We have Dan on another thread awhile back and others awhile back quoting Captain Pritchard and other Captains that they would proceed ‘full steam’ ahead into a region of reported ice, but unless I am mistaken, no questioning of other precautionary measures that they would have taken which
Captain Smith did not order.
I believe Sam has explained the mindset behind the belief of Captain Pritchard
et al that it was the right thing to proceed at full speed through an ice field because they believed that they - or at least the Lookouts and/or the OOW - would have spotted the iceberg in time to avoid impact. As Sam said in an another post a few months ago, they were all wrong; I agree that all 14 of them grossly overestimated the ability of their crew to see a medium-sized iceberg in flat-calm conditions on a very dark & moonless night like the one the
Titanic was sailing that Sunday.
As far as explaining their desire to maintain maximum speed through an ice-field so that they could get out of it as quickly as possible makes no sense whatever - it is worse than moronic. It is like a bus driver wanting to drive through the Swiss Alpine Pass Roads at full speed so that he could get his passengers to safety as quickly as possible.
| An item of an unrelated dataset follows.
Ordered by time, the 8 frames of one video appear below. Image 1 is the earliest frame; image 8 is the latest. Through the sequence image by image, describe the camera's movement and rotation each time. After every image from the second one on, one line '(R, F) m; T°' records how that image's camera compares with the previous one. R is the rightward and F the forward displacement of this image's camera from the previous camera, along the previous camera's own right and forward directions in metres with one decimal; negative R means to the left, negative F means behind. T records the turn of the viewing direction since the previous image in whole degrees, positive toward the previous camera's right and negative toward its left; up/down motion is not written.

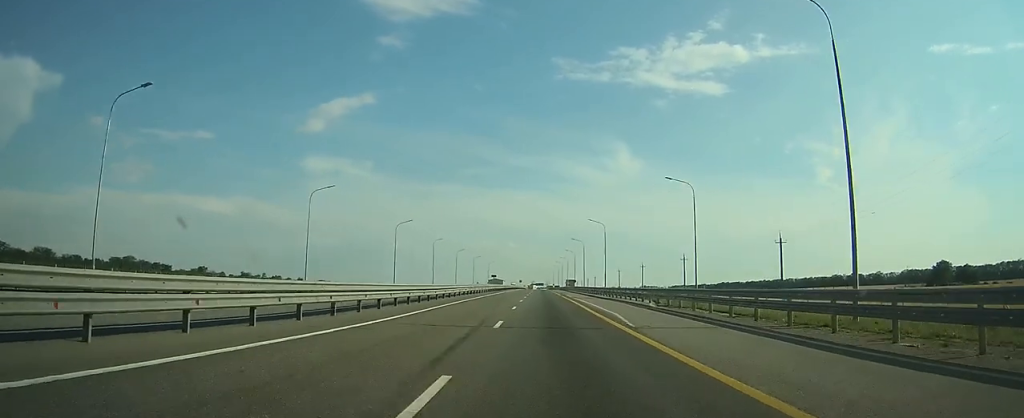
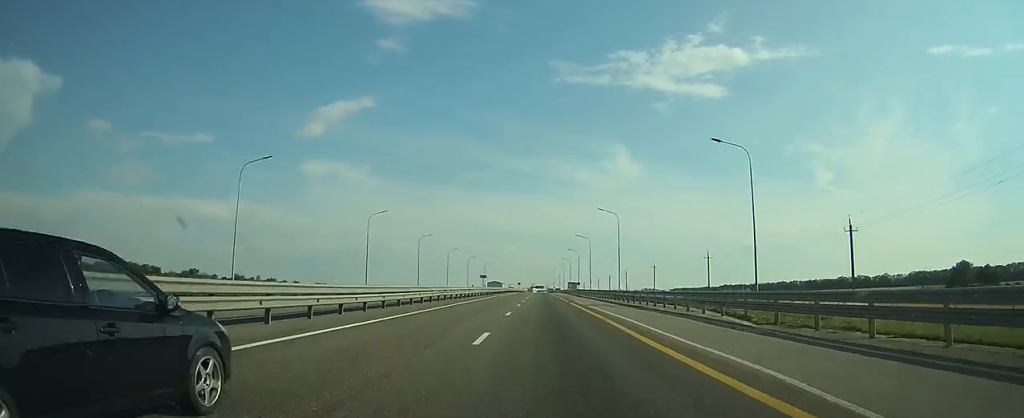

As you have pointed out - and I agree - that defending comments by a group of men simply because they were all Captains of experience is meaningless; over 100 years down the line, we can never know the convoluted motivations that might have been there for them to have made such statements.
The same thing applies to considering as Gospel the impressions offered by another experienced person over a dinner table.
The simple fact is that Murdoch should not have been alone on the bridge, and if he anticipated things correctly he would not have excused
Boxhall, and surely would have been told either by
Lightoller or
Moody himself that
Moody expected ice around 11pm that Sunday night.
On principle that is logical but considering how vague, contradictory and unreliable
Boxhall's statements were after the accident - both during the official Inquiries and elsewhere over the years - we don't know what transpired between him and Murdoch between 11pm and 11:40pm. It would be difficult to provide evidence for or against for something like this, but
if, as I have presumed, Boxhall was in the toilet when the
Titanic collided with the iceberg, he might have gone in there only a few minutes before. In other words, it is possible Boxhall was on the bridge with Murdoch before then and obtained the 1/O's permission to get a break, his position being taken over by Moody. Such an exchange would have been brief and not particularly overheard by Hichens enclosed in his wheelhouse and of course, Moody died with Murdoch in the sinking. If that had happened, why Boxhall did not mention it himself would be anyone's guess, of course.
I accept that it is a major presumption on my part about Boxhall's whereabouts but it is one way of explaining the sequence of events during the 30 minutes or so leading up to the collision.
But whether Boxhall or Moody had provided their eyes on watch in that timeframe, I do not believe that it would have made any difference. It was way too dark, the ship had too much momentum and whoever had spotted "it" on the horizon first - Fleet, Lee, Murdoch, Moody - it would have already been too late. At most, they might have gained 5 seconds and we've already discussed above why
that would not have avoided the impact.
The only certain way that berg could have been avoided is if they had come to full stop at sunset and remained that way until dawn
In theory that is correct, but I don't believe they had to go that far. Unlike the
Californian, the
Titanic was not surrounded by ice - it had not even encountered any as yet. But they knew that they were approaching the ice field and so reducing speed and perhaps additional lookouts might have avoided the accident.